DATA FOR ANALYSIS ->
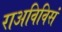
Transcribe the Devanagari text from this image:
राअविविसं
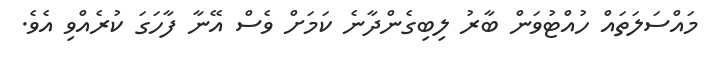
މައްސަލަތައް ހުއްޓުވަން ބާރު ލިބިގެންދާނެ ކަމަށް ވެސް އޭނާ ފާހަގަ ކުރެއްވި އެވެ.
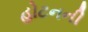
હોટનની
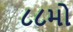
૮૮મો
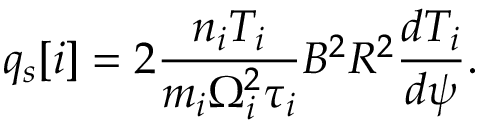
q _ { s } [ i ] = 2 \frac { n _ { i } T _ { i } } { m _ { i } \Omega _ { i } ^ { 2 } \tau _ { i } } B ^ { 2 } R ^ { 2 } \frac { d T _ { i } } { d \psi } .
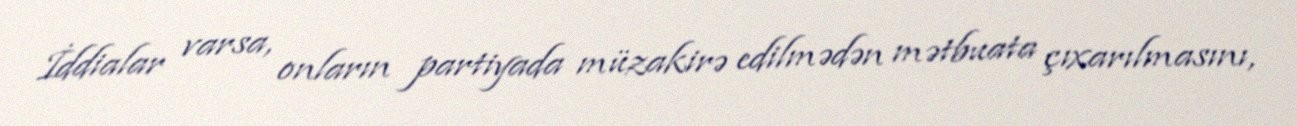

EXERCISE DIRECTIONS ->
After removing the pictures, restate the whole listing above word for word.

TASK ANSWER ->
Transcribe the Devanagari text from this image:
राअविविसं
މައްސަލަތައް ހުއްޓުވަން ބާރު ލިބިގެންދާނެ ކަމަށް ވެސް އޭނާ ފާހަގަ ކުރެއްވި އެވެ.
હોટનની
૮૮મો
q _ { s } [ i ] = 2 \frac { n _ { i } T _ { i } } { m _ { i } \Omega _ { i } ^ { 2 } \tau _ { i } } B ^ { 2 } R ^ { 2 } \frac { d T _ { i } } { d \psi } .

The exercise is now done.